---------- Records provided ----------
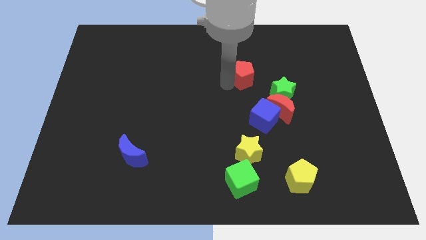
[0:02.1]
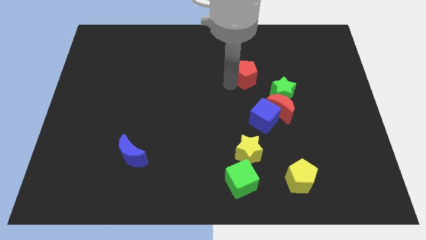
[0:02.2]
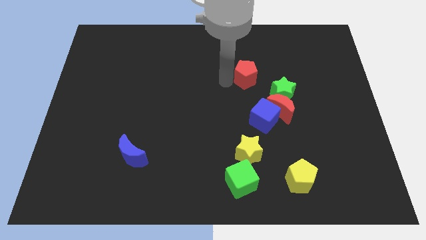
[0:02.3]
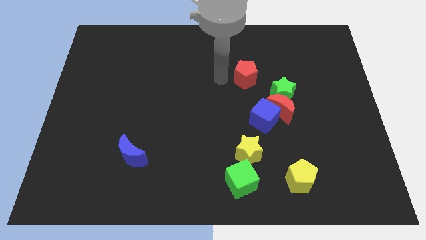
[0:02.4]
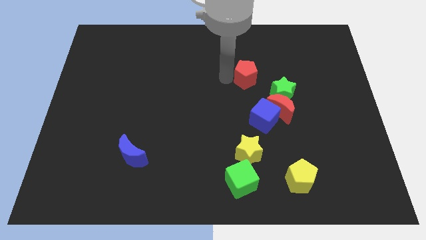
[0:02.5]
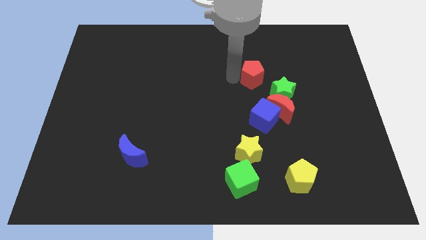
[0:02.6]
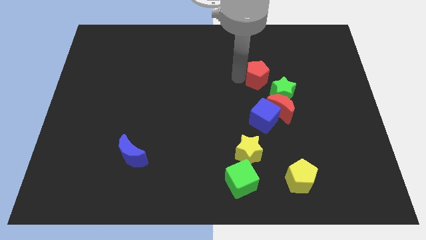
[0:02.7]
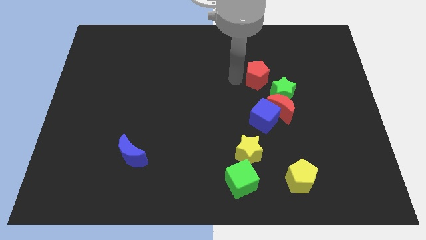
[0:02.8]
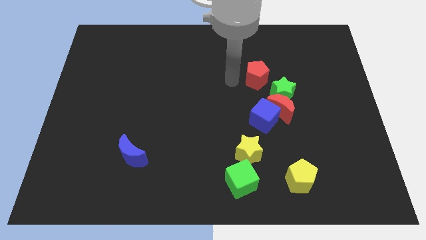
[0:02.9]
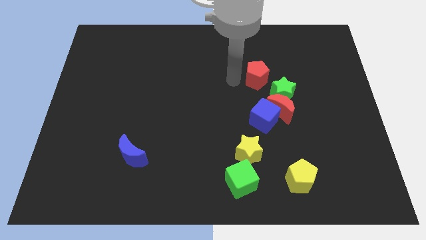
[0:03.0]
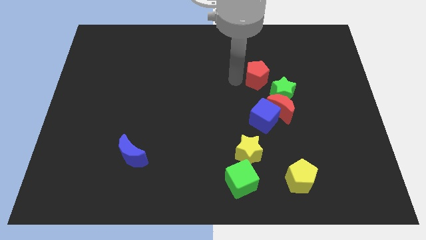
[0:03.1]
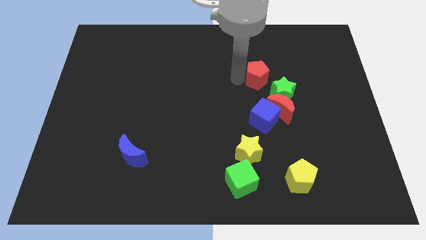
----------
> _Aim of the exercise_
The entries above need to be output again in full, exactly, and without pictures.

> _Result of this exercise_
[0:02.1]
[0:02.2]
[0:02.3]
[0:02.4]
[0:02.5]
[0:02.6]
[0:02.7]
[0:02.8]
[0:02.9]
[0:03.0]
[0:03.1]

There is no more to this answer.